When I watch football on Sunday, it occurs to me that God is really quite a sports fan too, and he seems to play favorites with select wide receivers, as opposed to those faceless linemen.

Of course those fat linemen dudes rarely “praise” God publicly after they make a tackle either, so maybe it’s just tit for tat.

But what ruled in the notion that supernatural intervention took place?

“Thanking” isn’t the issue here, superstition is. Some people think that government should adopt policies that supposedly please God so He’ll perform miracles to solve our problems, and this can’t help but get in the way of real-world efforts to solve them.

Good point. I don’t know how it works better than anybody else. But to your argument, free will is not extinguished by others. For example, you want to live breathe, somebody comes along and kills you. Does free will then not exist? We live in an environment, that environment (i.e. bacteria, storms, etc. etc.) can significantly alter your path. However, we all have the ability to some extent or another to change our fate. Back to the murderer, to avoid such a tragic end one could hide in a bunker. Most of us, by our own free will, choose not to. The miners free will did not cease just because good natured people had the will to save them. My point is free will would not exist at all if anytime we did something reckless or harmful to others God swooped in and put a bubble around us.

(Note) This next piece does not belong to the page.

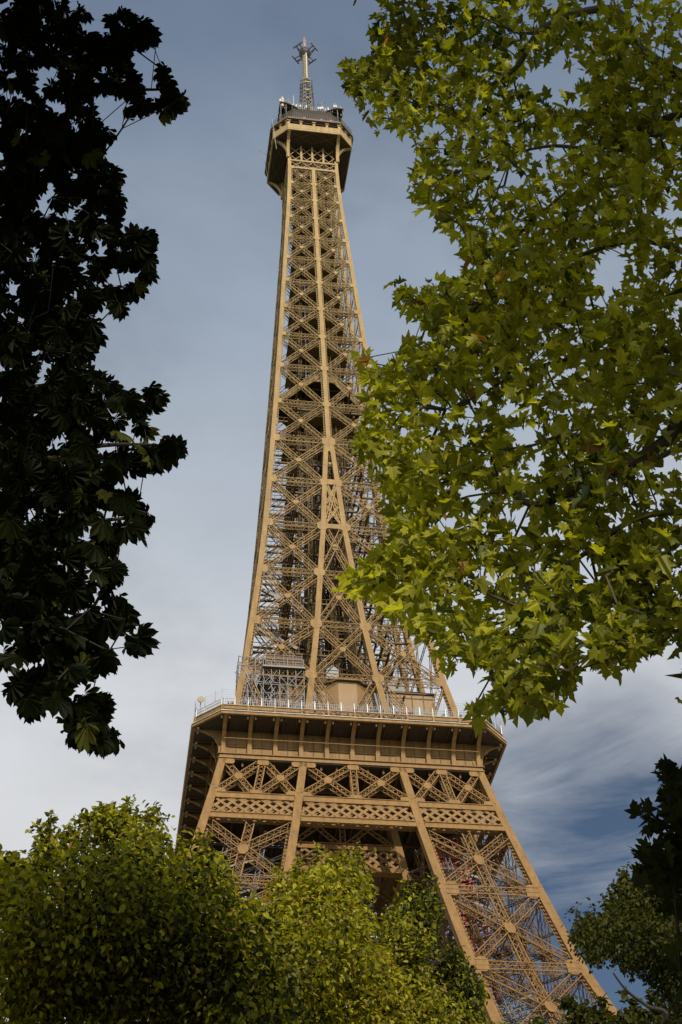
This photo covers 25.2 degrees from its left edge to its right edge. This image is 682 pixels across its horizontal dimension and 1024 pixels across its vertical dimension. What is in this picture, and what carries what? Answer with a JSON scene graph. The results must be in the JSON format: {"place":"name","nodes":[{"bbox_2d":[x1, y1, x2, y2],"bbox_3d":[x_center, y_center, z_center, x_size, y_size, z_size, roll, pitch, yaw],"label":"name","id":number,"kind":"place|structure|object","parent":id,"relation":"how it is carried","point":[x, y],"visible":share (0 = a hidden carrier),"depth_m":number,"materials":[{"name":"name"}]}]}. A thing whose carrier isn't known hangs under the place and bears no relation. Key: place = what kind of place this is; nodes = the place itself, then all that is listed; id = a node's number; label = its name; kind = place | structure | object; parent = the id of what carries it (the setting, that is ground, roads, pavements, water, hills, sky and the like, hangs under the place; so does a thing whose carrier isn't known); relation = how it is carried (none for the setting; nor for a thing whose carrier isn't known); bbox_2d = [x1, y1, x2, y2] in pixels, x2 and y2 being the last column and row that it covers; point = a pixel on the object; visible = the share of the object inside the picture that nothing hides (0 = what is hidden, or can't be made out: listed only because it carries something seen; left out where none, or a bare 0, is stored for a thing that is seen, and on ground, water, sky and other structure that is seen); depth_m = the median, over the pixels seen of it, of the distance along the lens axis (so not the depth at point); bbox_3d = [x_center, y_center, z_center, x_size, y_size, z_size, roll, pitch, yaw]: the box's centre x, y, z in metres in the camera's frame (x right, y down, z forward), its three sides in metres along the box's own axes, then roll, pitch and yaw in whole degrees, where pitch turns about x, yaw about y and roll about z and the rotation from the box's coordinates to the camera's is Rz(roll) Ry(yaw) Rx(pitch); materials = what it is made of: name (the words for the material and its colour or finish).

My initial reaction was that this was a bit of sarcasm, and that you put it very distinctly.

Then I recalled your new name from the name-change ATMB thread, and I remembered that you were Curtis.

So, you actually… believe this…

:dubious:

It really seems that only fear would drive worship of a God that sets up such a system. Such a supreme-being is a horrifying evil monster, not something to laud and sing about.

Worship Him because you’re afraid, fine. But why do it with gusto?